--- How to complete this task ---
Lines with "condensed": copy each one from the listing below.

▬▬▬▬▬▬▬▬▬▬

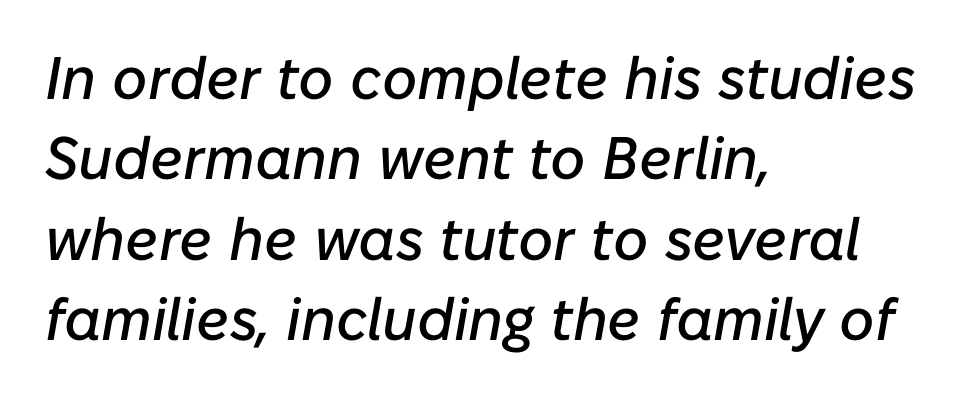
Q: Is the text italic (slanted)? A: Yes, it leans right by about 10 degrees.
Q: Is the text underlined? A: No.
Q: How is the paragraph aligned? A: Left-aligned.
Q: Is the spacing between letters normal or unusually wide? A: Normal.
Q: Is the spacing between lines tight, normal or loose? A: Normal.
Q: Width (condensed, normal, or wide)? A: Normal.
Q: Stroke contrast? A: Low.
Q: x-height? A: Medium.
Q: Monospaced? A: No.
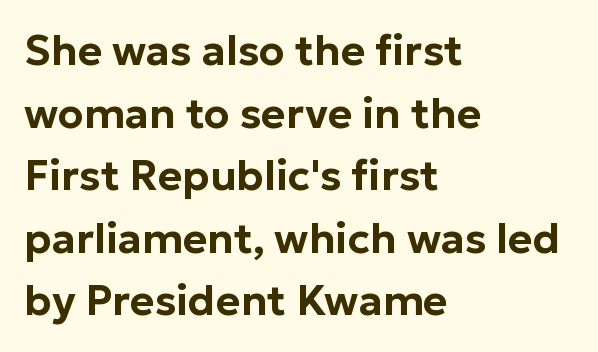
Does the lettering tilt? It doesn't — this is upright. In terms of letterform style, serifs are entirely absent. This rendering uses left alignment, leaving the right contour irregular. Observe the ordinary spacing: letters are neighbours, not strangers. Each letter keeps its own natural width here, so spacing adapts to shape.
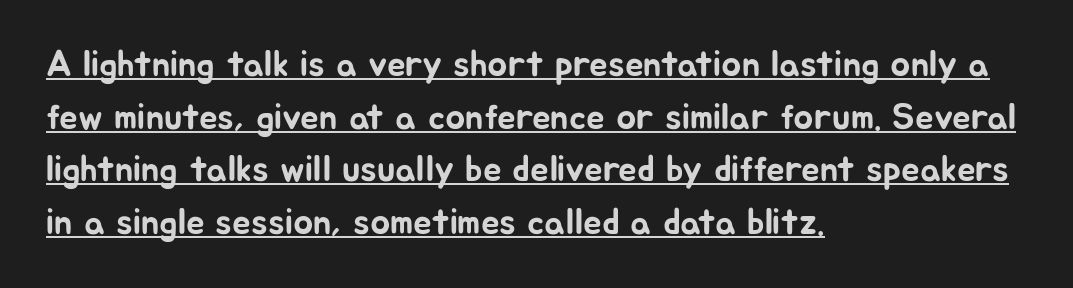
Successive baselines arrive at the customary interval. Layout note: lines flush left. Serifs: no, the terminals of the letterforms are clean. A continuous stroke trails under the words, as in a hyperlink. Does extra space separate the letters? No, they use regular spacing.
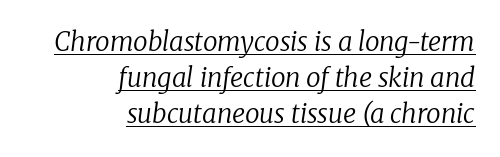
Q: Is the text bold? A: No.
Q: Is the text italic (slanted)? A: Yes, it leans right by about 8 degrees.
Q: Is the text underlined? A: Yes.
Q: How is the paragraph aligned? A: Right-aligned.
Q: Is the spacing between letters normal or unusually wide? A: Normal.
Q: Is the spacing between lines tight, normal or loose? A: Normal.
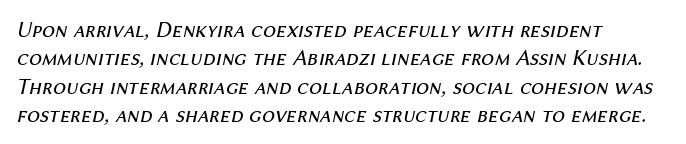
{"italic": "yes", "lean": "right", "slant_degrees": 12, "bold": "no", "underline": "no", "align": "left", "line_spacing_ratio": 1.23, "letter_spacing": "normal", "letter_spacing_em": 0.0, "glyph_px": 23}
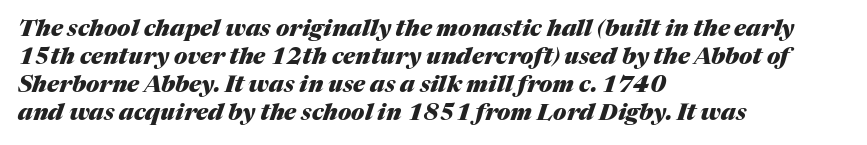
{"italic": "yes", "lean": "right", "slant_degrees": 17, "bold": "yes", "underline": "no", "align": "left", "line_spacing_ratio": 1.22, "letter_spacing": "normal", "letter_spacing_em": 0.0, "glyph_px": 23}
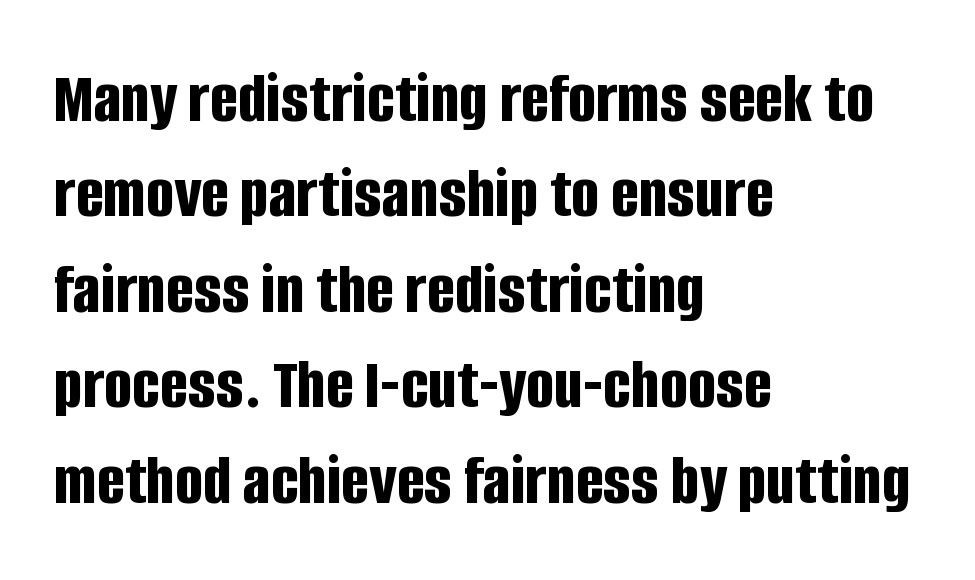
The image shows 74 px bold, condensed sans-serif type, upright; set left-aligned, normal line spacing (1.29x), normal letter spacing, not underlined; low stroke contrast and a large x-height.
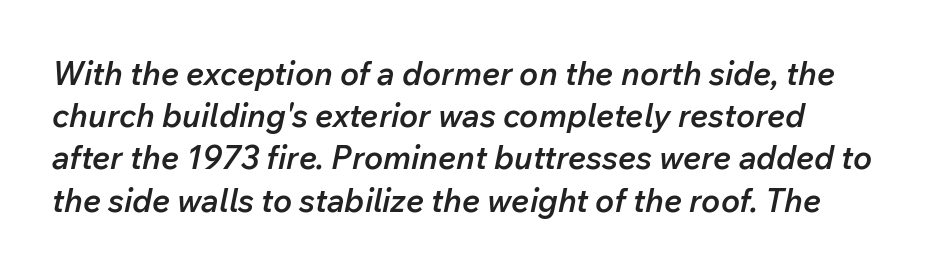
The image shows 32 px semibold type, italic (leaning right); set normal line spacing (1.32x), normal letter spacing, not underlined; low stroke contrast and a medium x-height.
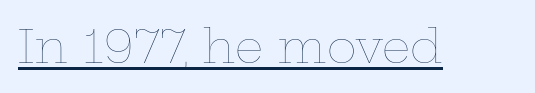
Q: Is the text bold? A: No.
Q: Is the text italic (slanted)? A: No, it is upright.
Q: Is the text underlined? A: Yes.
Q: Is the spacing between letters normal or unusually wide? A: Normal.
Q: Width (condensed, normal, or wide)? A: Wide.
Q: Stroke contrast? A: Low.
Q: x-height? A: Medium.
Q: Monospaced? A: No.
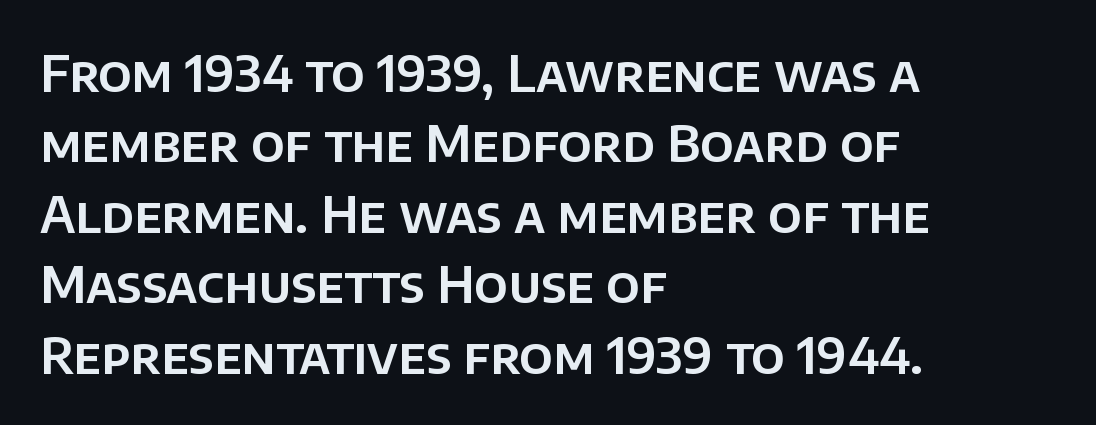
The image shows 50 px sans-serif type, upright; set left-aligned, normal line spacing (1.41x), normal letter spacing, not underlined; low stroke contrast and a large x-height.
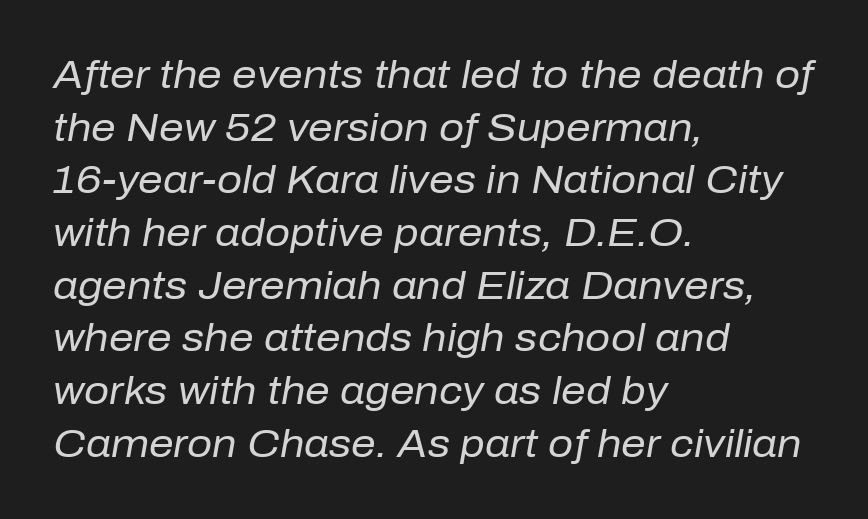
The image shows 39 px regular-weight type, italic (leaning right); set left-aligned, normal line spacing (1.35x), normal letter spacing, not underlined; low stroke contrast and a medium x-height.

▬▬▬▬▬▬▬▬▬▬

--- Problem solution ---
Q: Width (condensed, normal, or wide)? A: Normal.
The image shows 74 px bold, condensed sans-serif type, upright; set left-aligned, normal line spacing (1.29x), normal letter spacing, not underlined; low stroke contrast and a large x-height.
Q: Width (condensed, normal, or wide)? A: Wide.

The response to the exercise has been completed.